Using the Professional Learning Communities (PLCs) Process to Improve Student Learning

14 Sep 2023 7:24 PM | Paige Jennings (Administrator)

By: Keely Garren

Professional Learning Communities (PLCs) have been widely utilized in education for over two decades. Recently, re-scaling the PLC process through professional development in schools and districts has become popular to ensure that each educator has a solid foundation in the four questions that guide the PLC process and that each educator can engage in the PLC process from their unique educator role. The PLC process focuses on improving student learning and achievement. 

Defining a PLC

PLCs (Professional Learning Communities) are educators who are committed to sharing knowledge and learning. Meeting regularly to discuss ways to serve their students through improved practice is essential in any school serious about increasing student achievement.

Under its core principle, continuous job-embedded learning for educators will ultimately positively affect student learning. At these meetings, educators share and analyze data while also creating norms to facilitate effective collaboration.

PLCs are distinguished by an inquiry mindset -- the willingness to challenge assumptions, test ideas, and learn from failure - along with a culture of trust and cooperation among educators. This framework can be utilized effectively in schools K-12.
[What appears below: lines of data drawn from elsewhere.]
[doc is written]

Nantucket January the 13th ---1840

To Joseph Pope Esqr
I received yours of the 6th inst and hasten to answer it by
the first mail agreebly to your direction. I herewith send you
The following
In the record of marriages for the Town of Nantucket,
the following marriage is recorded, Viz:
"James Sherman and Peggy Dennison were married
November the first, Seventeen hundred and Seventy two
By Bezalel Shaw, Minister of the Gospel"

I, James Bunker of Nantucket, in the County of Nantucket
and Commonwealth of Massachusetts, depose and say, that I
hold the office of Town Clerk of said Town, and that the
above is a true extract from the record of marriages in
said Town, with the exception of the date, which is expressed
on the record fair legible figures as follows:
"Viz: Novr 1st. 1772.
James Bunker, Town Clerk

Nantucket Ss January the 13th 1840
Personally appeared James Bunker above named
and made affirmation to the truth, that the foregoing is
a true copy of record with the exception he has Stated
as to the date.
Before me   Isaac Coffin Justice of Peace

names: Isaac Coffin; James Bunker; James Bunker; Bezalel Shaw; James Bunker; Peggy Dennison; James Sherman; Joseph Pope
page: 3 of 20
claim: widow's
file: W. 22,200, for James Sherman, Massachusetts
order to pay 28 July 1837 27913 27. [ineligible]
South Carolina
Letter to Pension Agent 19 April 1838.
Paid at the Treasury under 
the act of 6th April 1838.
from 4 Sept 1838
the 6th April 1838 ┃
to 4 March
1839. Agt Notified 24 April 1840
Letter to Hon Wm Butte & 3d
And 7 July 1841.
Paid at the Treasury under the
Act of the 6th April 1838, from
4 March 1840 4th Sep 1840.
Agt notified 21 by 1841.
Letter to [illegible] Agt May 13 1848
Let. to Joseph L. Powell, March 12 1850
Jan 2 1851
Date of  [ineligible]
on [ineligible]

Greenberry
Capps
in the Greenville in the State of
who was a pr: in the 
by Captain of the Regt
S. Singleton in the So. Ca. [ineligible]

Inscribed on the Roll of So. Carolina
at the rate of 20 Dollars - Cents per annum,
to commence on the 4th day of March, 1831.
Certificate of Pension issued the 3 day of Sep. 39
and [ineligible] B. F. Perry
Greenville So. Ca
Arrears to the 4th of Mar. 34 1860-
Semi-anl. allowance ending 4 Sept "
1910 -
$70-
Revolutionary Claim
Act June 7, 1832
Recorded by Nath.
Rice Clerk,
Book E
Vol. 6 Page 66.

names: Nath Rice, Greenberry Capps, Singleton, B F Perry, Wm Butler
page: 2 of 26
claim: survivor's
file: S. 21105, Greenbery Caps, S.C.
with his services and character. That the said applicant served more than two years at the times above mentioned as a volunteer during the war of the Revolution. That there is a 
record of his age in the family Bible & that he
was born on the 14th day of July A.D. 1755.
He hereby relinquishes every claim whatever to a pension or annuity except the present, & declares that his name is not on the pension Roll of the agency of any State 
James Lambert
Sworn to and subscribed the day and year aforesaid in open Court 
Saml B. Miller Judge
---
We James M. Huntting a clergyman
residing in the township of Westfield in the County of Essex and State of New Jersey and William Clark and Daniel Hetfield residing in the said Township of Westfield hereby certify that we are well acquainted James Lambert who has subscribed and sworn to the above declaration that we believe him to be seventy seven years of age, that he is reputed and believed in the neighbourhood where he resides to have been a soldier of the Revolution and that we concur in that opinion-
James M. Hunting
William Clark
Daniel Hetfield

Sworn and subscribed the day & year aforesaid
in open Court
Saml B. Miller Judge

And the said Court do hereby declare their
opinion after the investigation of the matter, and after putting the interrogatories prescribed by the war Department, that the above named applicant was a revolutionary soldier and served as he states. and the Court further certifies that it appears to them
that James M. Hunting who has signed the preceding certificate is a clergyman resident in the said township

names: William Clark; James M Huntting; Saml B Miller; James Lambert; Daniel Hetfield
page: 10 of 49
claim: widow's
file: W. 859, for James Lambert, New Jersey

Creating a Vision for PLCs

PLCs are used to enhance teaching and learning in classrooms through collaborative processes that use teacher-created professional standards and data-driven decision-making to make better educational practices possible. Through PLC protocols, educators explore student academic growth data at individual, classroom, school, and district levels.

Teams then use this data to develop strategies for improving classroom instruction and student outcomes. A data-driven approach seeks to determine student mastery of specific learning targets while offering support to those who require it; it can also enhance school leadership effectiveness.

Creating a Mission for PLCs

For PLCs to succeed, educators must commit themselves to the idea that learning should be continuous for students and staff alike - an enormous change that affects how the school runs.

PLC educators must collaborate and share expertise among themselves while at the same time being able to analyze data and make decisions regarding instructional strategies. 

As part of your effort to increase buy-in among teachers, it's vital that regular meetings take place where educators can discuss the collective commitments that define the PLC. Meetings themed around collective commitments may prove effective at stimulating discussions that bring teachers together around these collective commitments. 

Creating a Culture for PLCs

Through PLCs, teachers can form positive relationships that foster an environment of collaboration, equity, and continuous improvement within schools K-12. Embracing a culture of collaboration promotes collective efficacy and can lead to positive student learning outcomes. The PLC process uses data to make decisions rather than intuition or personal preferences, providing greater insights into what works and why, leading to a stronger school culture overall. To embrace data, a sense of belonging and safety must be fostered, as a level of vulnerability is needed to be reflective within a group and try new approaches to learning.

Creating a Structure for PLCs

An effective PLC requires cooperative effort and an unshakeable belief that everyone can reach their maximum potential; without an organized group structure, this cannot happen. Setting a meeting agenda and including a facilitator are essential steps toward running an effective PLC. A facilitator should understand its culture while leading group discussions effectively while keeping student learning at the center of the conversation. Teachers should also be encouraged to share ideas and resources between meetings. For example, one teacher could visit another class to observe an effective strategy being utilized before discussing it further with its host teacher later. This strategy helps foster the collaborative nature of a PLC while simultaneously encouraging growth and improvement over time.